__Information__.
──────────────────────────────

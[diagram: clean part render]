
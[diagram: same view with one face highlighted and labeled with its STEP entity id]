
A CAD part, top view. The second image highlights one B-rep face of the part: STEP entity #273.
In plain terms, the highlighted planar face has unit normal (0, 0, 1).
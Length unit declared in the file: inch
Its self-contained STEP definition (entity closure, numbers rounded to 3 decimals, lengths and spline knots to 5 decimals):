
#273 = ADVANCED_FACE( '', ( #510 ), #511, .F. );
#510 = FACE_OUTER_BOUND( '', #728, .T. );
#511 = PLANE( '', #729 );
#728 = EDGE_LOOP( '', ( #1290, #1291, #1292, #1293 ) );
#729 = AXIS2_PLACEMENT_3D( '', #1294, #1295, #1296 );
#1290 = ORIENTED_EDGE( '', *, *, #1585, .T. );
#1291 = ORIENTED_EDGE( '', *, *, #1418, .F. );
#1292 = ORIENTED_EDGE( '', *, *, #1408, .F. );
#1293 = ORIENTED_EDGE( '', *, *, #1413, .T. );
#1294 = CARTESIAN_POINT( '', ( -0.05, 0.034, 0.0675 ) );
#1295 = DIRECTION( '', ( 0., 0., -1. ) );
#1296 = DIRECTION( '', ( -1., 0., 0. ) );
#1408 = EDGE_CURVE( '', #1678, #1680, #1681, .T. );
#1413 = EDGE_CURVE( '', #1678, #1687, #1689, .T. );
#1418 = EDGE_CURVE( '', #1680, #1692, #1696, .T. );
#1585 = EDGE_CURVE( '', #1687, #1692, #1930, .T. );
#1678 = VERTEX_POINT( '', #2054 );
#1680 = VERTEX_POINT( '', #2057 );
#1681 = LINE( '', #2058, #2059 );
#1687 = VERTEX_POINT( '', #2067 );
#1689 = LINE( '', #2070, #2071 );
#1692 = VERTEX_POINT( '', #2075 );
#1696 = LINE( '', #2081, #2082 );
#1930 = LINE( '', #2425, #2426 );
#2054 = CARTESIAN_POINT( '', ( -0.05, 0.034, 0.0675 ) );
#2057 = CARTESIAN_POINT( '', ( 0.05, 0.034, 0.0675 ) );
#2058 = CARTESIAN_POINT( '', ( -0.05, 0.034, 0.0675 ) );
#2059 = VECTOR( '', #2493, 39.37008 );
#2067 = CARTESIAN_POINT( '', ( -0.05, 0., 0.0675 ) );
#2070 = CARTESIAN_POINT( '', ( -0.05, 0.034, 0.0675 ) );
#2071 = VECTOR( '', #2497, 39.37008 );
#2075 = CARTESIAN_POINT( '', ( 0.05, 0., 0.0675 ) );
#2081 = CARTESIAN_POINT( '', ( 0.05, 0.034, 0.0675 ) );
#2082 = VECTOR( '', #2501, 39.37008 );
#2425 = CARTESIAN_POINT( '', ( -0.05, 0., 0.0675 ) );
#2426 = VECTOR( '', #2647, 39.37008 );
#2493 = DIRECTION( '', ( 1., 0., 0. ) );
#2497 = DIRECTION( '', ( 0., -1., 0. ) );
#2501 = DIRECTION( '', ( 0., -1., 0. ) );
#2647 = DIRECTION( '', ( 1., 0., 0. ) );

──────────────────────────────

__Task item__. Send back the whole listing above exactly, please.

__Written response__.
[diagram: clean part render]
[diagram: same view with one face highlighted and labeled with its STEP entity id]
A CAD part, top view. The second image highlights one B-rep face of the part: STEP entity #273.
In plain terms, the highlighted planar face has unit normal (0, 0, 1).
Length unit declared in the file: inch
Its self-contained STEP definition (entity closure, numbers rounded to 3 decimals, lengths and spline knots to 5 decimals):
#273 = ADVANCED_FACE( '', ( #510 ), #511, .F. );
#510 = FACE_OUTER_BOUND( '', #728, .T. );
#511 = PLANE( '', #729 );
#728 = EDGE_LOOP( '', ( #1290, #1291, #1292, #1293 ) );
#729 = AXIS2_PLACEMENT_3D( '', #1294, #1295, #1296 );
#1290 = ORIENTED_EDGE( '', *, *, #1585, .T. );
#1291 = ORIENTED_EDGE( '', *, *, #1418, .F. );
#1292 = ORIENTED_EDGE( '', *, *, #1408, .F. );
#1293 = ORIENTED_EDGE( '', *, *, #1413, .T. );
#1294 = CARTESIAN_POINT( '', ( -0.05, 0.034, 0.0675 ) );
#1295 = DIRECTION( '', ( 0., 0., -1. ) );
#1296 = DIRECTION( '', ( -1., 0., 0. ) );
#1408 = EDGE_CURVE( '', #1678, #1680, #1681, .T. );
#1413 = EDGE_CURVE( '', #1678, #1687, #1689, .T. );
#1418 = EDGE_CURVE( '', #1680, #1692, #1696, .T. );
#1585 = EDGE_CURVE( '', #1687, #1692, #1930, .T. );
#1678 = VERTEX_POINT( '', #2054 );
#1680 = VERTEX_POINT( '', #2057 );
#1681 = LINE( '', #2058, #2059 );
#1687 = VERTEX_POINT( '', #2067 );
#1689 = LINE( '', #2070, #2071 );
#1692 = VERTEX_POINT( '', #2075 );
#1696 = LINE( '', #2081, #2082 );
#1930 = LINE( '', #2425, #2426 );
#2054 = CARTESIAN_POINT( '', ( -0.05, 0.034, 0.0675 ) );
#2057 = CARTESIAN_POINT( '', ( 0.05, 0.034, 0.0675 ) );
#2058 = CARTESIAN_POINT( '', ( -0.05, 0.034, 0.0675 ) );
#2059 = VECTOR( '', #2493, 39.37008 );
#2067 = CARTESIAN_POINT( '', ( -0.05, 0., 0.0675 ) );
#2070 = CARTESIAN_POINT( '', ( -0.05, 0.034, 0.0675 ) );
#2071 = VECTOR( '', #2497, 39.37008 );
#2075 = CARTESIAN_POINT( '', ( 0.05, 0., 0.0675 ) );
#2081 = CARTESIAN_POINT( '', ( 0.05, 0.034, 0.0675 ) );
#2082 = VECTOR( '', #2501, 39.37008 );
#2425 = CARTESIAN_POINT( '', ( -0.05, 0., 0.0675 ) );
#2426 = VECTOR( '', #2647, 39.37008 );
#2493 = DIRECTION( '', ( 1., 0., 0. ) );
#2497 = DIRECTION( '', ( 0., -1., 0. ) );
#2501 = DIRECTION( '', ( 0., -1., 0. ) );
#2647 = DIRECTION( '', ( 1., 0., 0. ) );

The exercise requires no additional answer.